How to keep on growing the business, then? “Through our culture! We need to focus on making everything right: That’s how we gain loyalty. It’s okay to have a problem—it’s how you handle it, the follow-through.”

Social media to the rescue! Buffalo’s chance to compete with the big boys does not lie in, say, advertising the advantages of a new power tool—“any box can do that! What they cannot emulate—Buffalo’s trump card—are its people.” And Sam builds on that. “We push for photos of our people in our ads to differentiate ourselves. If you can get your staff to tell about why they like a certain product, it’s more personal. It’s not your usual sales flier; it’s more lighthearted, more fun.
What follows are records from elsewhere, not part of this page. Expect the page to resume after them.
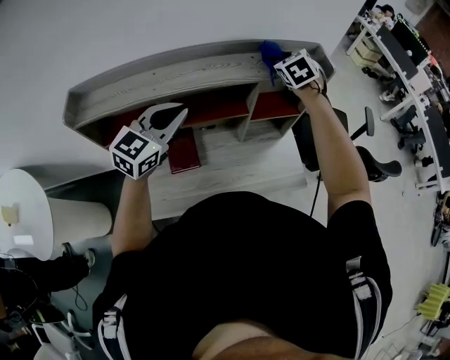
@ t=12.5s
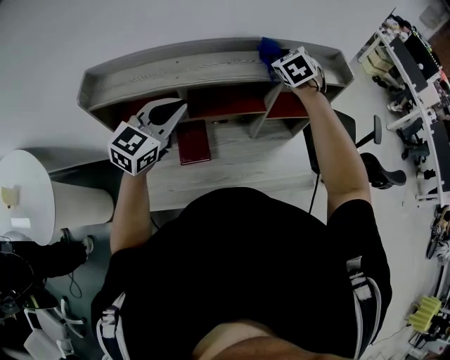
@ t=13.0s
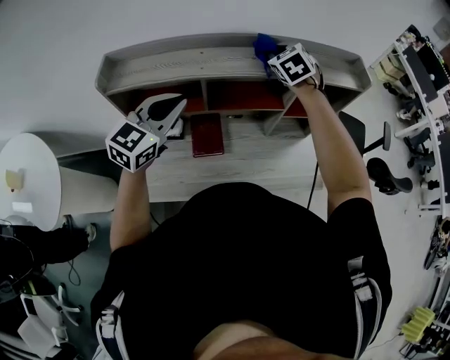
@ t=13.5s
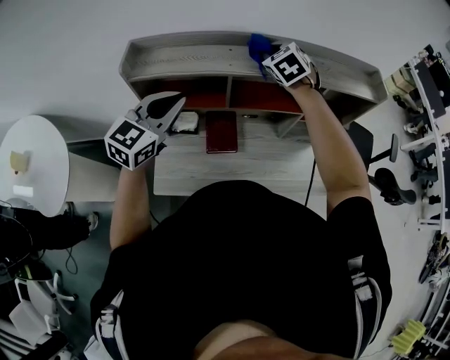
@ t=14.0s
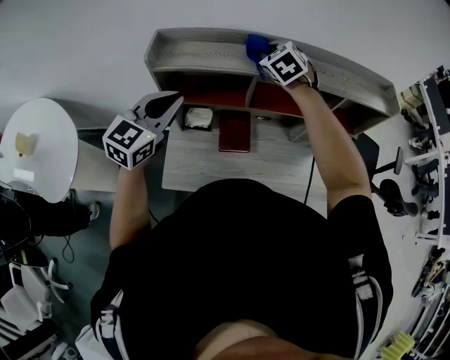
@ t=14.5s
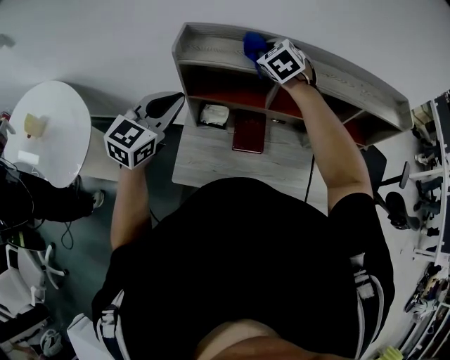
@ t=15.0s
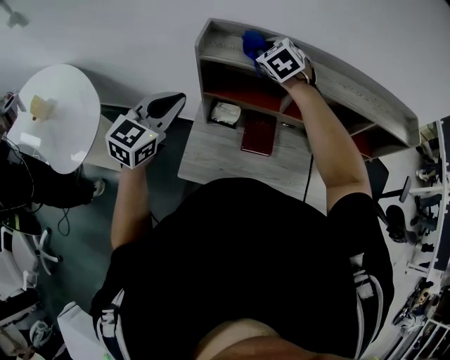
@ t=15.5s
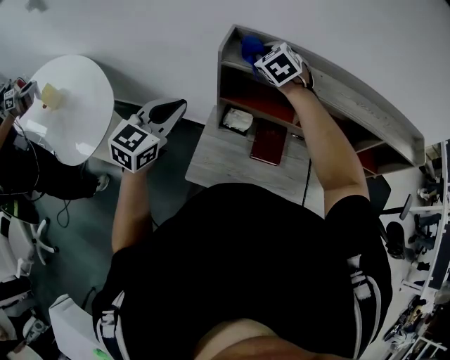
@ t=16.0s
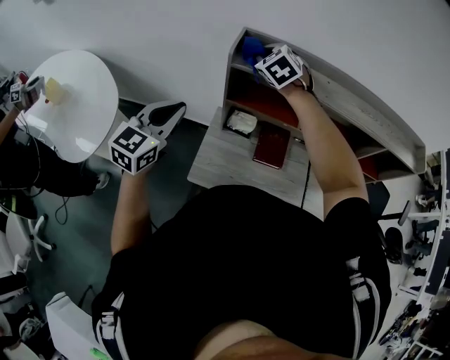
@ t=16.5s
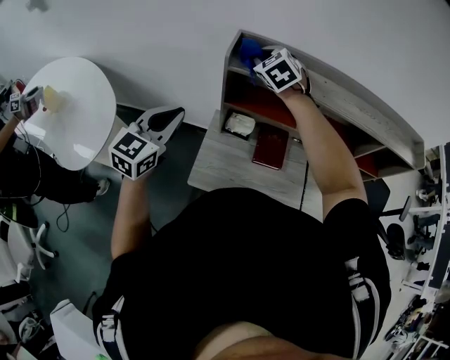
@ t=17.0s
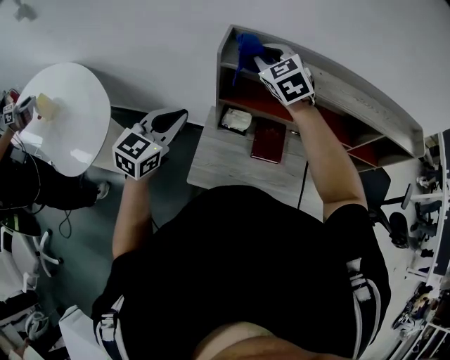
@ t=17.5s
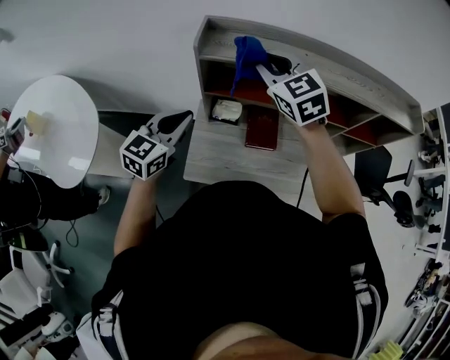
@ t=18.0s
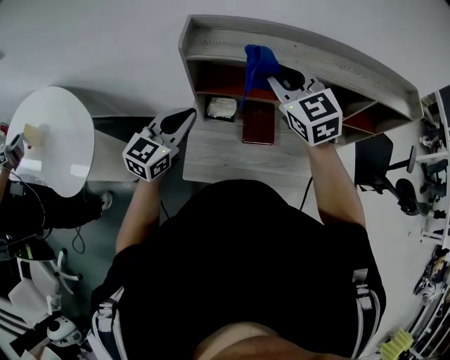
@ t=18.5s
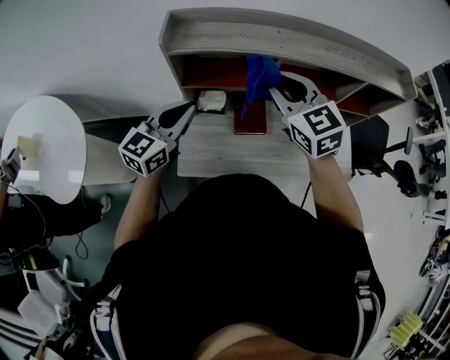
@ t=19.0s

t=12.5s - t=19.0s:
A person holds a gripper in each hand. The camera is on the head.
t=12.5s - t=14.5s: The right gripper travels to the left by roughly 35 cm, and changes its angle by some 20 degrees. Meanwhile the left gripper heads to the left and backward, covering about 25 cm.
t=14.5s - t=17.0s: The two grippers go approximately 20 cm to the left.
t=17.0s - t=19.0s: The right gripper is displaced to the right and backward by roughly 25 cm, and changes its angle by some 30 degrees. The left gripper goes roughly 15 cm to the right, and swivels some 20 degrees.

“Shaine, our manager, deserves the credit; he likes to poke fun. Every week we feature him in the newspaper—not with a product, but his photo and a riddle. People really look forward to that! His having fun is what makes it authentic. It makes it real.” Check out the home page of the company’s website (www.buffalohardwarestore.com) to spot this crew in action, grinning atop captions that read, “We have awesome stuff!” “Warehouse full of wood!” and “Super-helpful staff!”

Already the outfit occupies four city blocks. So, how and where to grow the business? “We joined a lumber-buying co-op to become more competitive on pricing. With COVID, we expanded our delivery; we added another truck to our fleet to go up against Amazon and the world we’re living in: We had to expand our customer service. It’s one thing they can’t mimic!”

A second location in the works? “We’ll expand in the future, no doubt about it.”

Right now, let’s give young Sam a minute to bask in his recent award as one of the National Retail Hardware Association’s Young Retailers of the Year.

But it didn’t go to his head. “I came home from the ceremony and asked my staff, ‘What if there appeared some competition in Buffalo? What would you do better?’” But there’s one thing no one can top. “Nobody cares about people better that we do!”